Needed from the entries below: every line that holds the word "distance".

Entries taken from a collection

-*-

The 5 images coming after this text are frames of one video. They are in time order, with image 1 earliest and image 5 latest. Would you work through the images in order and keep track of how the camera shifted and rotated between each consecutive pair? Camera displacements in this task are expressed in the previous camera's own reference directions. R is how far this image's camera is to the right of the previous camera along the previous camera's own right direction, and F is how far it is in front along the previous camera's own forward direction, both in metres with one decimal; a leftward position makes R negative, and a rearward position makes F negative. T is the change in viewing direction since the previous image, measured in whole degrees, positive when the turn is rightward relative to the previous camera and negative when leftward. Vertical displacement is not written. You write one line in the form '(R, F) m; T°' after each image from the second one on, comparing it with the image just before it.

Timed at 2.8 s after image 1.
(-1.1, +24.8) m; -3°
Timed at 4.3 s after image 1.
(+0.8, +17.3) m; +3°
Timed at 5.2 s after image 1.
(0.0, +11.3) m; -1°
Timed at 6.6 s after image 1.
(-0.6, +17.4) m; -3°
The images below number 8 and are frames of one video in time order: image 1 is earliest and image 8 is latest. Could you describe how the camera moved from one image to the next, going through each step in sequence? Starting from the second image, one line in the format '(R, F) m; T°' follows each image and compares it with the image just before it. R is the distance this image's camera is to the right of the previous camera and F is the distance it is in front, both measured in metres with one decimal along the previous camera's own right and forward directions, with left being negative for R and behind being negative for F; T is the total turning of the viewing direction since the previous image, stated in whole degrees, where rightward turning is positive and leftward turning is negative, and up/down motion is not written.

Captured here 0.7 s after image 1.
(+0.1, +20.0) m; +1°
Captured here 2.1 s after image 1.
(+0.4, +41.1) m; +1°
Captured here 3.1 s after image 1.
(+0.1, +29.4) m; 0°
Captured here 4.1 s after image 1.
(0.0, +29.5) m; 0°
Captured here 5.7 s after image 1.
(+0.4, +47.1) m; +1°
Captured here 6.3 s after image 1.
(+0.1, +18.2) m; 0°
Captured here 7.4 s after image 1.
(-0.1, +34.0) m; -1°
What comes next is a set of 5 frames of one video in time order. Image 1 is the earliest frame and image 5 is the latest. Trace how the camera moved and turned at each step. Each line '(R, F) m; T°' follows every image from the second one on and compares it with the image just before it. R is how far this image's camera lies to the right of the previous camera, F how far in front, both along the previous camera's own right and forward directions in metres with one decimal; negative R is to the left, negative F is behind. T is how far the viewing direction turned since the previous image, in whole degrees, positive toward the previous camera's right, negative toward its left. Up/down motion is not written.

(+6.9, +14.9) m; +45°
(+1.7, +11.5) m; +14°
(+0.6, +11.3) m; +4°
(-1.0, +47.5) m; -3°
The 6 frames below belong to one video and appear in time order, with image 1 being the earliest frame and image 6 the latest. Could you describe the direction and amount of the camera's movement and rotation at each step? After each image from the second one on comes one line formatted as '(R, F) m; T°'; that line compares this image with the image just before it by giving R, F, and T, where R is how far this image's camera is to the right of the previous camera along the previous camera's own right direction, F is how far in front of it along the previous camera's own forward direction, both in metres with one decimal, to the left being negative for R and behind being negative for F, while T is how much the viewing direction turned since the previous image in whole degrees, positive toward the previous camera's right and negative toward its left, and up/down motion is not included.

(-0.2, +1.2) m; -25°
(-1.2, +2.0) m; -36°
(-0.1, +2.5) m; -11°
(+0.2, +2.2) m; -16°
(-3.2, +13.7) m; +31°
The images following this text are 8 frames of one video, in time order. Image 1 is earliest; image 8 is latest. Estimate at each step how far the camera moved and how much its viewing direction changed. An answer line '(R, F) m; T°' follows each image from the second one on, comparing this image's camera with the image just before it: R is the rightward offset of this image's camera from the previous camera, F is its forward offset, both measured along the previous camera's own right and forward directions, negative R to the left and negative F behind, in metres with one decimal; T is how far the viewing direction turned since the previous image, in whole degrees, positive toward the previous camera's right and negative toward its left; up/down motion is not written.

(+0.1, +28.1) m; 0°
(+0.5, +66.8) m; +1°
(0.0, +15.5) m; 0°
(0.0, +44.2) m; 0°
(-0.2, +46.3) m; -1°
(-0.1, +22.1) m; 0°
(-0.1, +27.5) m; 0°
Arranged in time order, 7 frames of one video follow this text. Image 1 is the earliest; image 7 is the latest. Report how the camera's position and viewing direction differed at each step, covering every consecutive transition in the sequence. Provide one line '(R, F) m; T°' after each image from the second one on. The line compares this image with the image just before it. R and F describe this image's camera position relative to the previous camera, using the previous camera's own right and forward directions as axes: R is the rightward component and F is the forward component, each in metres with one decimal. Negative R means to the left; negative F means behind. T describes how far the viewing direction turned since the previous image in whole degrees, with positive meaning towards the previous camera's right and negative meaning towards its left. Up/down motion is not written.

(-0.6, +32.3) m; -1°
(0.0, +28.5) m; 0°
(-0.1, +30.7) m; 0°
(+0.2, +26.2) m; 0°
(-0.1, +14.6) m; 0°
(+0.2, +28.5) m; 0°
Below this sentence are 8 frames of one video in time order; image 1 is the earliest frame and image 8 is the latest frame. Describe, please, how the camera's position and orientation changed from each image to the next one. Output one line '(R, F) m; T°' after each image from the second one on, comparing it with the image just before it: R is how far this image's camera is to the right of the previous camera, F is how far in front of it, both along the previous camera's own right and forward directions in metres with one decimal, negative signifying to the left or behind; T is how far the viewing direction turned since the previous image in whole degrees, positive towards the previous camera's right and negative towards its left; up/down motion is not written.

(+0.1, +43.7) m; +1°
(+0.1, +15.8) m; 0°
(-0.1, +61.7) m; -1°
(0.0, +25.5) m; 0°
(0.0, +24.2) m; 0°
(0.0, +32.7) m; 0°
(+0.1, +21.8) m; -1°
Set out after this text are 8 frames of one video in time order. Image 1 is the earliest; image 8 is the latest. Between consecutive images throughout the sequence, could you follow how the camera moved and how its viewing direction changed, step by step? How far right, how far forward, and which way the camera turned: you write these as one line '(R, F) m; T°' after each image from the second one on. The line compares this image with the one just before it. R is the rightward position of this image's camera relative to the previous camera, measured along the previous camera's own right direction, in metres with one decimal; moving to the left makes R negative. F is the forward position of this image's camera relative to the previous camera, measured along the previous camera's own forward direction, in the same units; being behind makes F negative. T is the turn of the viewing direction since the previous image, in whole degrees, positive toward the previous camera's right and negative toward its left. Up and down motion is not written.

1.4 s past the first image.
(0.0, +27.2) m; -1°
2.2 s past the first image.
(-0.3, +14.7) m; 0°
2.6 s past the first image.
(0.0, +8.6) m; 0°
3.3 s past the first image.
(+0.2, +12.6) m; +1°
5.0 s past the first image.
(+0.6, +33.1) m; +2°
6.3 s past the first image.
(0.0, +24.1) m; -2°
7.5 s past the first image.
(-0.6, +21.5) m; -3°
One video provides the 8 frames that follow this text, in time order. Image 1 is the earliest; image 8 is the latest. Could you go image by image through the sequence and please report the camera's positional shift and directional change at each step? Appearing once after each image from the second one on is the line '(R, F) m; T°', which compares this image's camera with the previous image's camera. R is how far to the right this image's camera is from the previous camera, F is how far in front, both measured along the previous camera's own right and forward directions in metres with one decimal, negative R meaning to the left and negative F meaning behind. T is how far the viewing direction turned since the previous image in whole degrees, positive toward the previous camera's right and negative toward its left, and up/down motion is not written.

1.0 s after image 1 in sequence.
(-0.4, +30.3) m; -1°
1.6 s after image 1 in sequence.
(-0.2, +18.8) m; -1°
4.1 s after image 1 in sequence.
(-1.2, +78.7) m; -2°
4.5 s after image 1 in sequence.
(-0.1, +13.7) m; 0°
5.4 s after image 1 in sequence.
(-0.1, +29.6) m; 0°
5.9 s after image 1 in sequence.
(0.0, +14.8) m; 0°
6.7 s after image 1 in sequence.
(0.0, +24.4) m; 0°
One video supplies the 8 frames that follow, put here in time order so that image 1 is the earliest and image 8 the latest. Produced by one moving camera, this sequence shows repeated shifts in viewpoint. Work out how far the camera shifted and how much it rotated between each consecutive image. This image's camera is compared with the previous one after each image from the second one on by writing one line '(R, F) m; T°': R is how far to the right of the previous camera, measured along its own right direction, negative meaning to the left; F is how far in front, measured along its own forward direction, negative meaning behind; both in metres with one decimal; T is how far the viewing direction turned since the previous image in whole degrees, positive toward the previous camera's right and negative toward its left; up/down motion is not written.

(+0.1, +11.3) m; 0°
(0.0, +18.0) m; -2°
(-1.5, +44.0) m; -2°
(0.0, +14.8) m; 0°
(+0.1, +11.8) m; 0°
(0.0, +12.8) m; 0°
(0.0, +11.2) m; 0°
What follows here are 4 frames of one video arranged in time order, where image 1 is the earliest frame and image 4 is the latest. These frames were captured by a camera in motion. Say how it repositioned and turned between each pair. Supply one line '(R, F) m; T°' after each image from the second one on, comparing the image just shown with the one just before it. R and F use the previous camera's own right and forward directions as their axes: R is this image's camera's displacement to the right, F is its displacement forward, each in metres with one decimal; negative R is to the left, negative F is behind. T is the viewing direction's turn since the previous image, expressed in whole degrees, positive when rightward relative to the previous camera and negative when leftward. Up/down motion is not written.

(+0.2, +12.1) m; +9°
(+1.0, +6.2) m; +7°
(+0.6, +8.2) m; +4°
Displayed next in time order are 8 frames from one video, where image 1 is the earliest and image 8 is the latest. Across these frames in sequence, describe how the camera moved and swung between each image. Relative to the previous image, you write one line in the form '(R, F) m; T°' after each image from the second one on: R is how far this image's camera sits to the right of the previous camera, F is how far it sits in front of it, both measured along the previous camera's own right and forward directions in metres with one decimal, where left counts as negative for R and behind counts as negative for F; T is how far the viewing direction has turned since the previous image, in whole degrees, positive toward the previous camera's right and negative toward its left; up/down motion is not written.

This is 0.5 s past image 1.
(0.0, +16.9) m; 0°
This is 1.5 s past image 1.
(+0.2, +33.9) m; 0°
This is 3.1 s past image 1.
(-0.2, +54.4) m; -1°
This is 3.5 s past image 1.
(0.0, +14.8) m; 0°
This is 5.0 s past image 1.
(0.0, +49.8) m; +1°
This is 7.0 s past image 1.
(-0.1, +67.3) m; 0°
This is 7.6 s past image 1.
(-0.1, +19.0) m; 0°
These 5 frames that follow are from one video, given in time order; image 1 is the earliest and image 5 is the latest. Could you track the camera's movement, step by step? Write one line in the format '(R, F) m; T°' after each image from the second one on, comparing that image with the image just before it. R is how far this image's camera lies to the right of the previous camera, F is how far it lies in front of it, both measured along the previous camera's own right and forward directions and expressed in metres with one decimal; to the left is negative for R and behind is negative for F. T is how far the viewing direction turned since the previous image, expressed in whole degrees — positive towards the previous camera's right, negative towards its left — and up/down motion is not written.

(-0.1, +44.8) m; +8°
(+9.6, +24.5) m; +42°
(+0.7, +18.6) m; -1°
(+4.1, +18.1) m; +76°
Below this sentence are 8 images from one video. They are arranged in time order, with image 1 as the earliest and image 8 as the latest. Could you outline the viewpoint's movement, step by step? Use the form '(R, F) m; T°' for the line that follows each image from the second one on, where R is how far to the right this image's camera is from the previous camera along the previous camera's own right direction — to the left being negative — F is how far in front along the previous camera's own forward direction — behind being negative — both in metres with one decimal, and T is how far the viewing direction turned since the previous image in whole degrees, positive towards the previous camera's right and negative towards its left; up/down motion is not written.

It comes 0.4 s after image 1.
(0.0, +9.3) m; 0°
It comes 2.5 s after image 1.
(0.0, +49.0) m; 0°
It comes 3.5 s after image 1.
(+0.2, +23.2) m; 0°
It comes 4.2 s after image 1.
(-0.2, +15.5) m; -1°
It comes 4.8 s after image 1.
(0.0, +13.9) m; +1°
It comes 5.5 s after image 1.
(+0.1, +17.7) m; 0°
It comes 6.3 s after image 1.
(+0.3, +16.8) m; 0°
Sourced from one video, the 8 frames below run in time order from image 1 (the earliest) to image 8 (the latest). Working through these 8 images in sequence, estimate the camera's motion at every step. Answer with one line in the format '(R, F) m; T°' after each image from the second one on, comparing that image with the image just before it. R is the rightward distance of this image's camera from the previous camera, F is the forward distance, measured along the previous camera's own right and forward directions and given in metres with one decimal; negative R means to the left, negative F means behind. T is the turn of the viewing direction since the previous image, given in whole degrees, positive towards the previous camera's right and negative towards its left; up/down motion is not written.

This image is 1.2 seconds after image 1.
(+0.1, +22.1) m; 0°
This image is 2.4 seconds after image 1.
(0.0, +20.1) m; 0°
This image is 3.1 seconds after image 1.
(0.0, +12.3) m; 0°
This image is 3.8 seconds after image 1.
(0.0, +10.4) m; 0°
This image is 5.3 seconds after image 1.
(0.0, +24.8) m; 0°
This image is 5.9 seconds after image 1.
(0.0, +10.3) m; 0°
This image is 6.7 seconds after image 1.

-*-

■ RESPONSE
The images below number 8 and are frames of one video in time order: image 1 is earliest and image 8 is latest. Could you describe how the camera moved from one image to the next, going through each step in sequence? Starting from the second image, one line in the format '(R, F) m; T°' follows each image and compares it with the image just before it. R is the distance this image's camera is to the right of the previous camera and F is the distance it is in front, both measured in metres with one decimal along the previous camera's own right and forward directions, with left being negative for R and behind being negative for F; T is the total turning of the viewing direction since the previous image, stated in whole degrees, where rightward turning is positive and leftward turning is negative, and up/down motion is not written.
Sourced from one video, the 8 frames below run in time order from image 1 (the earliest) to image 8 (the latest). Working through these 8 images in sequence, estimate the camera's motion at every step. Answer with one line in the format '(R, F) m; T°' after each image from the second one on, comparing that image with the image just before it. R is the rightward distance of this image's camera from the previous camera, F is the forward distance, measured along the previous camera's own right and forward directions and given in metres with one decimal; negative R means to the left, negative F means behind. T is the turn of the viewing direction since the previous image, given in whole degrees, positive towards the previous camera's right and negative towards its left; up/down motion is not written.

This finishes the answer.